** TASK STATEMENT **
Could you give the data below again exactly, apart from the pictures?

STORED DATA Block Start

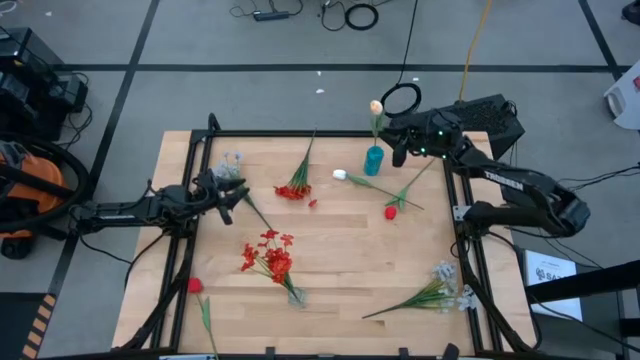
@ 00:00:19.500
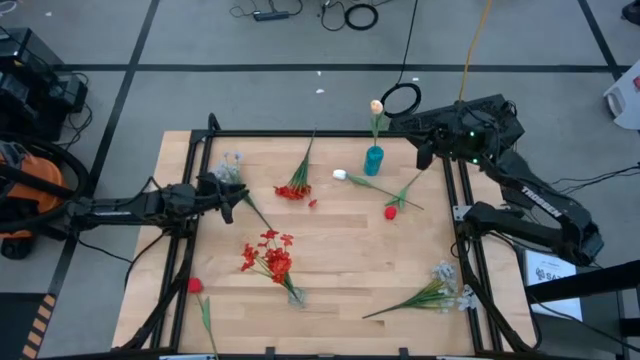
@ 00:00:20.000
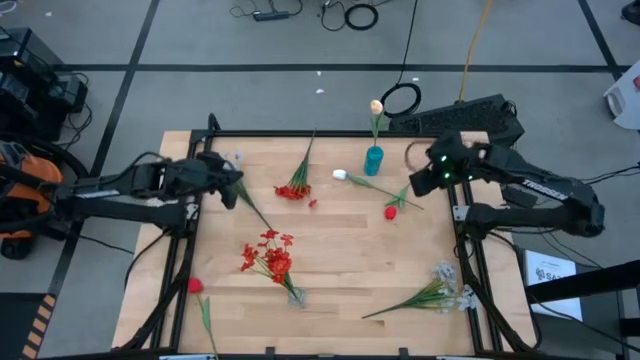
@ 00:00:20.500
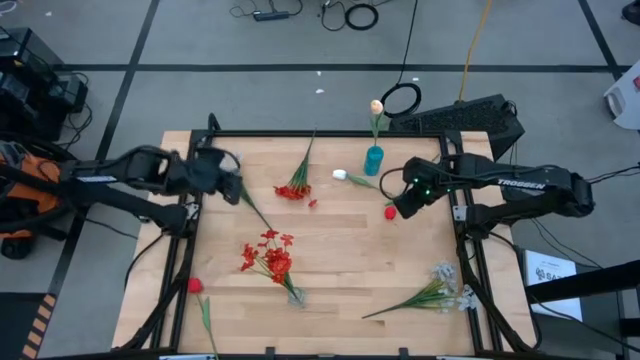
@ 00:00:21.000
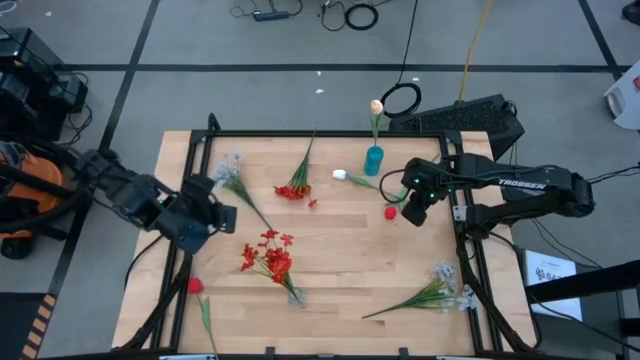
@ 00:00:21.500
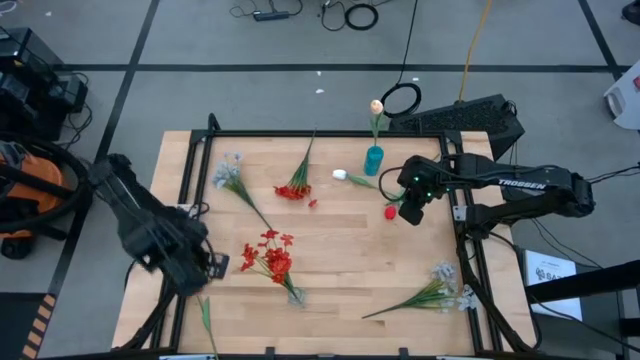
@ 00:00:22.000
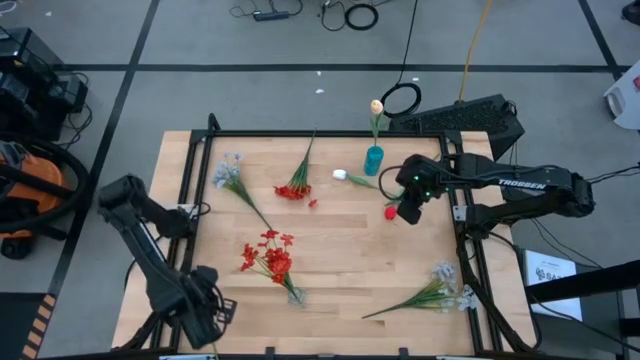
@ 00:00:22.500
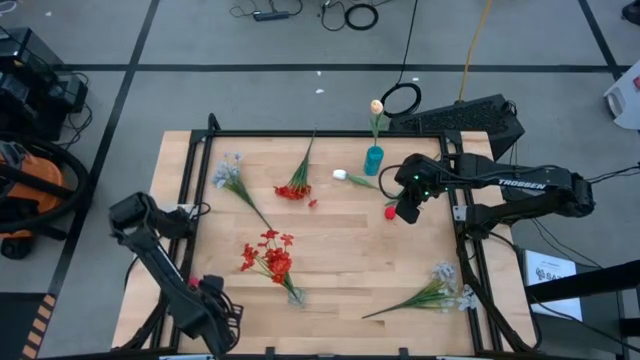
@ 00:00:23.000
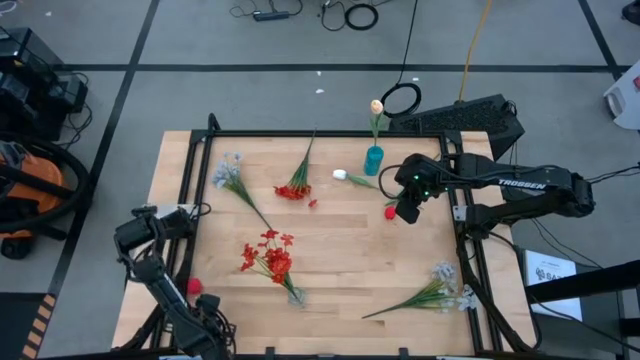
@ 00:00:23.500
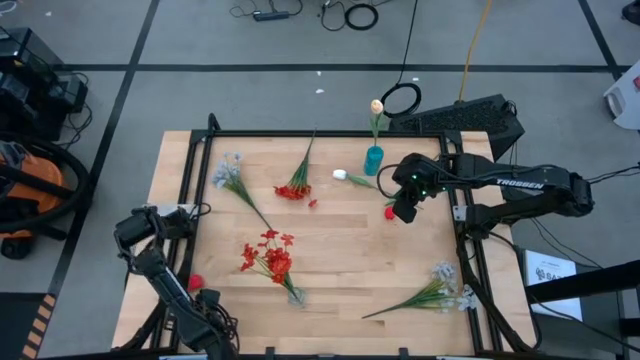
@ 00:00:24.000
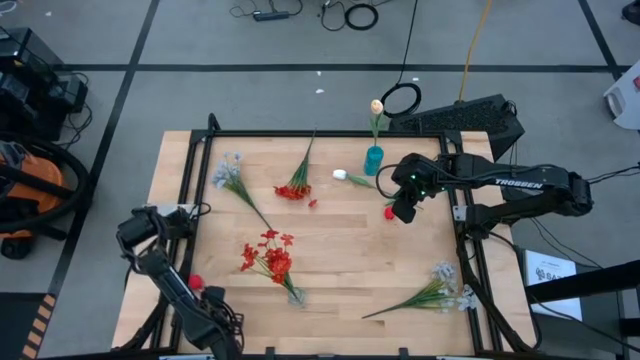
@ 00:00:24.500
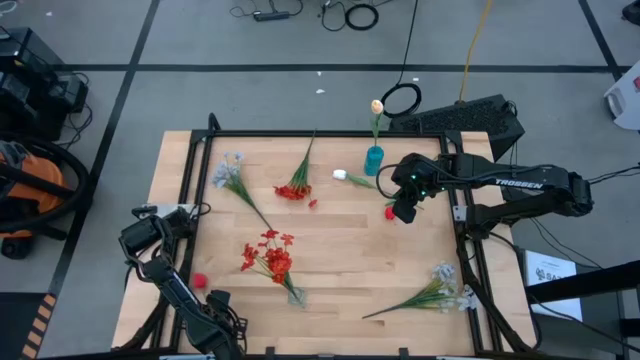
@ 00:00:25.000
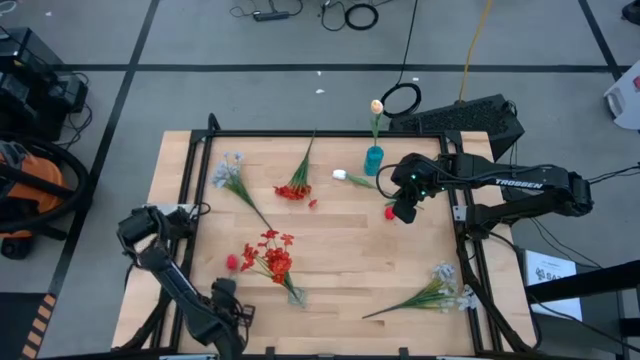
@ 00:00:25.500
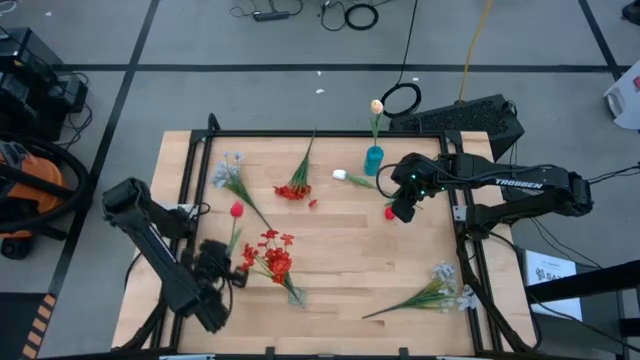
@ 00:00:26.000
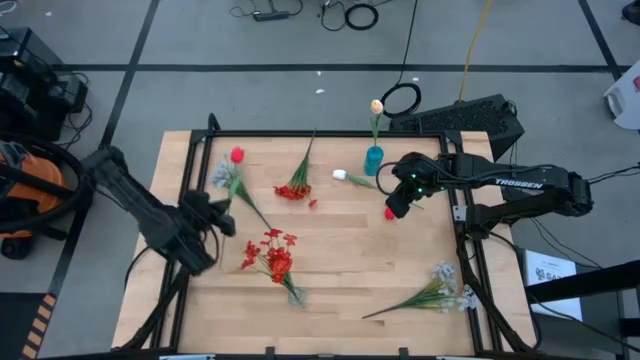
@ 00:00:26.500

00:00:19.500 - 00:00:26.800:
Task: Sort flowers into vase by color
Put the bottom red flower into the transparent vase

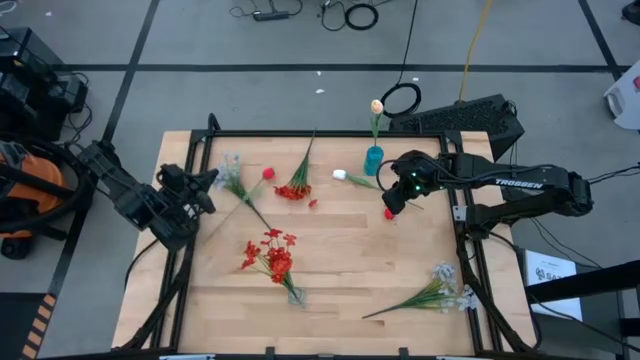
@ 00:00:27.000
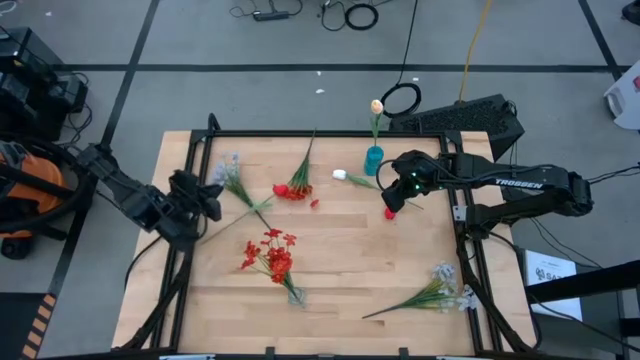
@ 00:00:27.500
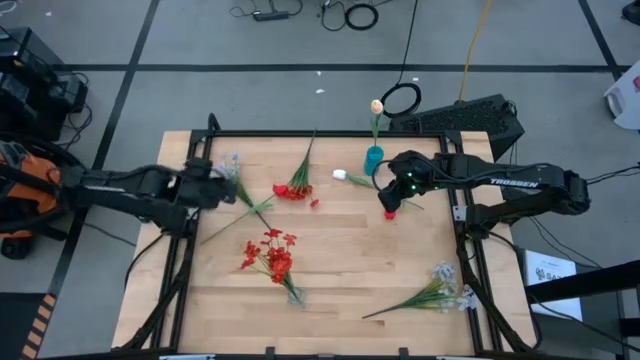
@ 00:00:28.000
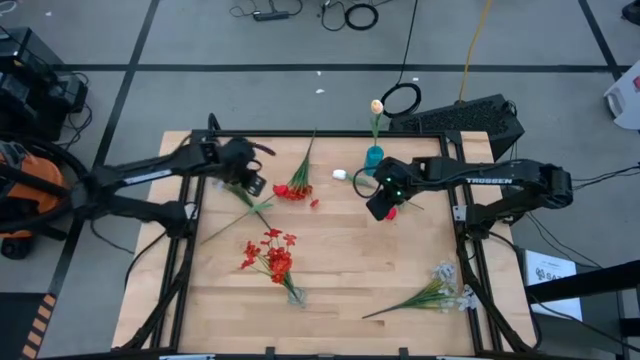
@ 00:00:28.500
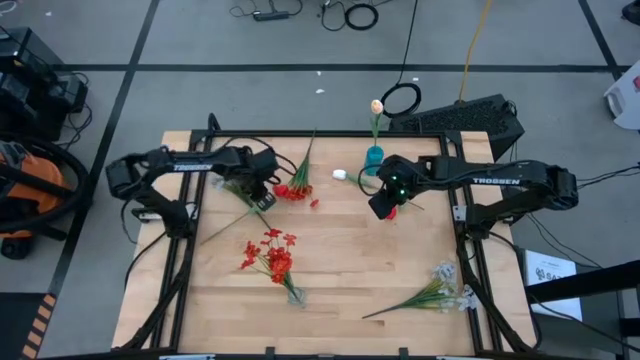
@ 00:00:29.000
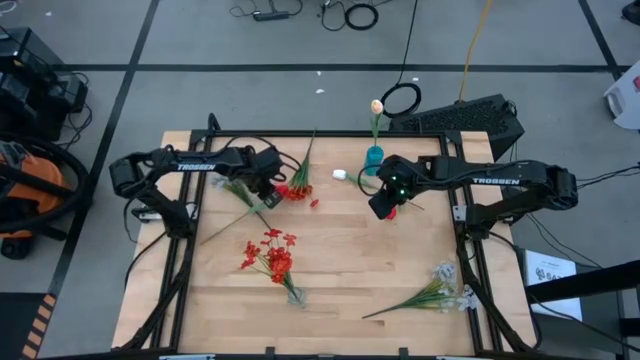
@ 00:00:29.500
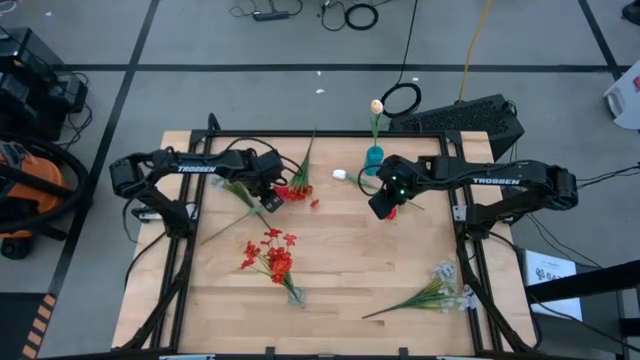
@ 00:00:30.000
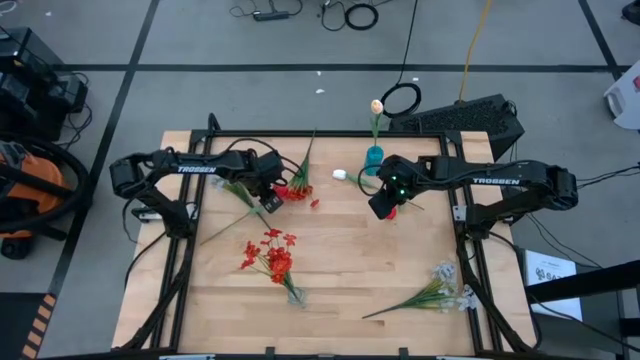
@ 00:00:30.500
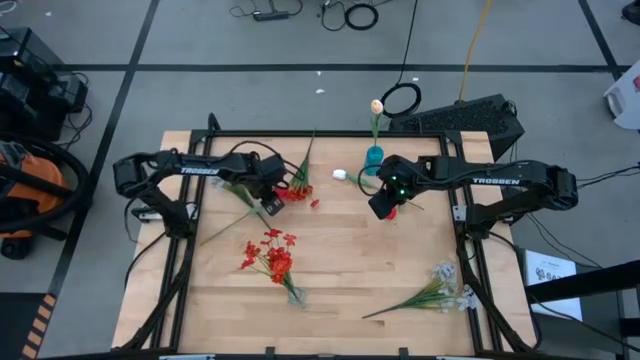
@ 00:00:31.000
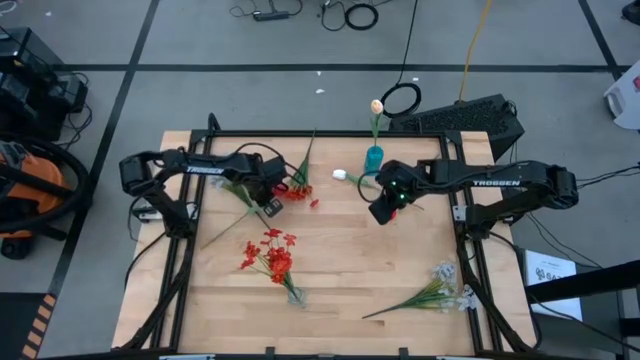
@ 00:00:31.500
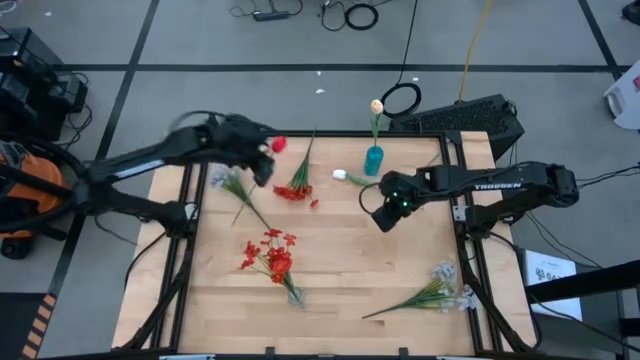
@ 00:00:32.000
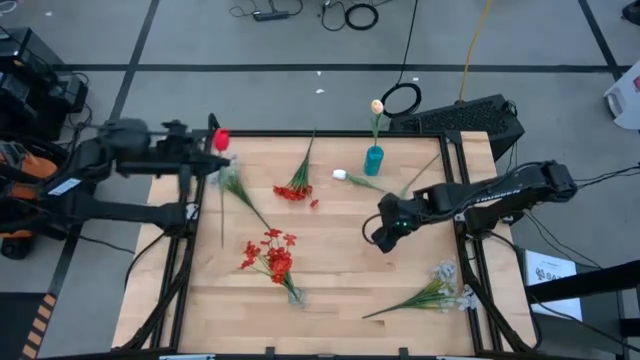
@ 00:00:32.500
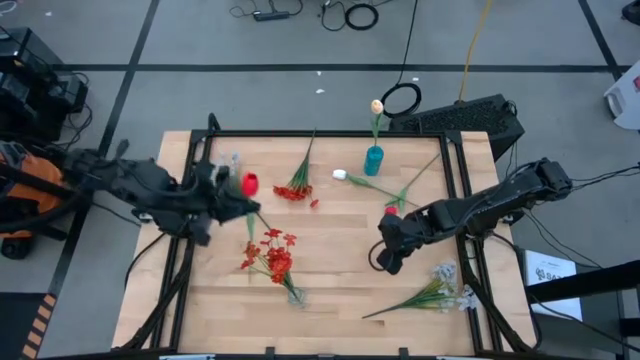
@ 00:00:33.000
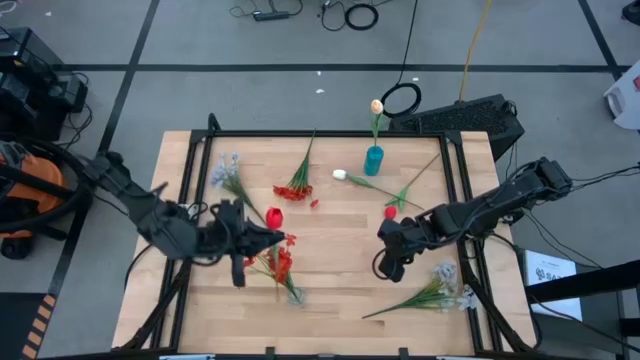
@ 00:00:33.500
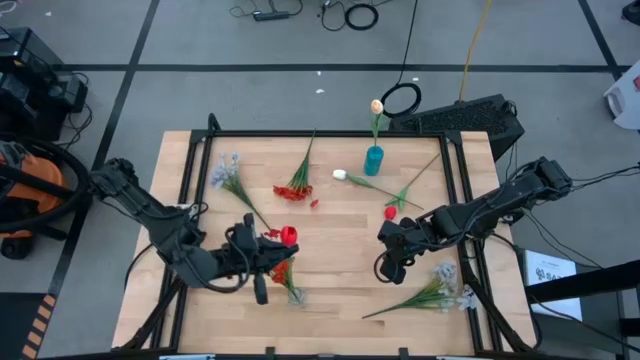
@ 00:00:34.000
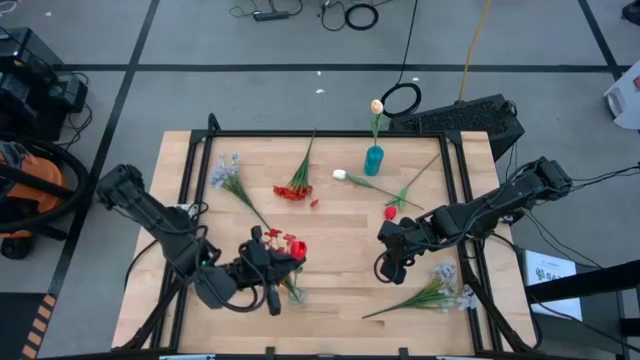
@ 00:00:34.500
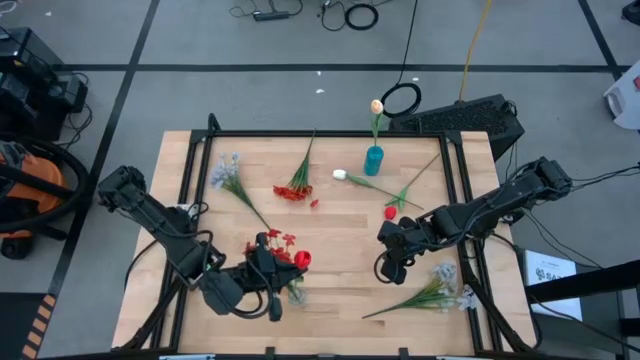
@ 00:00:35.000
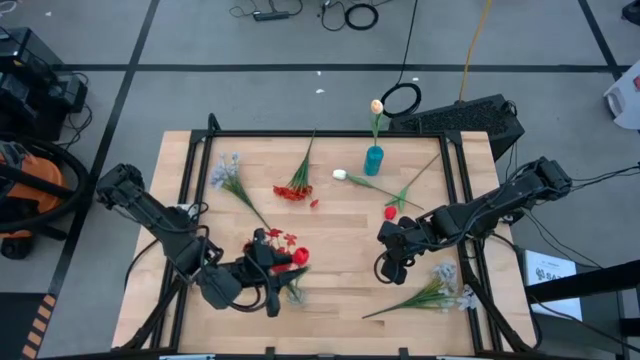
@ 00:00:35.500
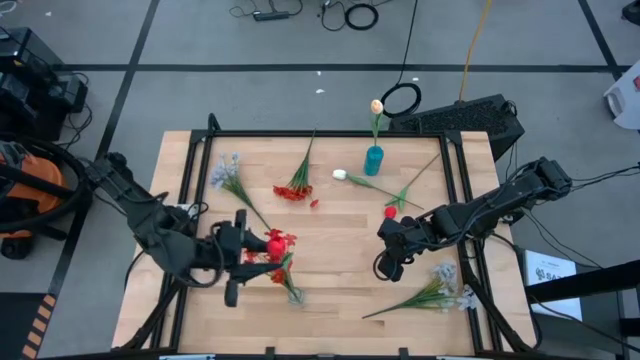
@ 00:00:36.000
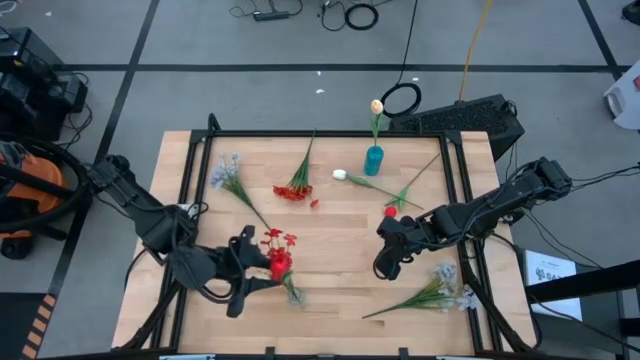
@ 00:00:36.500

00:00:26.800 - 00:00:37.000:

STORED DATA Block End

** OUTPUT BELOW **
@ 00:00:19.500
@ 00:00:20.000
@ 00:00:20.500
@ 00:00:21.000
@ 00:00:21.500
@ 00:00:22.000
@ 00:00:22.500
@ 00:00:23.000
@ 00:00:23.500
@ 00:00:24.000
@ 00:00:24.500
@ 00:00:25.000
@ 00:00:25.500
@ 00:00:26.000
@ 00:00:26.500

00:00:19.500 - 00:00:26.800:
Task: Sort flowers into vase by color
Put the bottom red flower into the transparent vase

@ 00:00:27.000
@ 00:00:27.500
@ 00:00:28.000
@ 00:00:28.500
@ 00:00:29.000
@ 00:00:29.500
@ 00:00:30.000
@ 00:00:30.500
@ 00:00:31.000
@ 00:00:31.500
@ 00:00:32.000
@ 00:00:32.500
@ 00:00:33.000
@ 00:00:33.500
@ 00:00:34.000
@ 00:00:34.500
@ 00:00:35.000
@ 00:00:35.500
@ 00:00:36.000
@ 00:00:36.500

00:00:26.800 - 00:00:37.000:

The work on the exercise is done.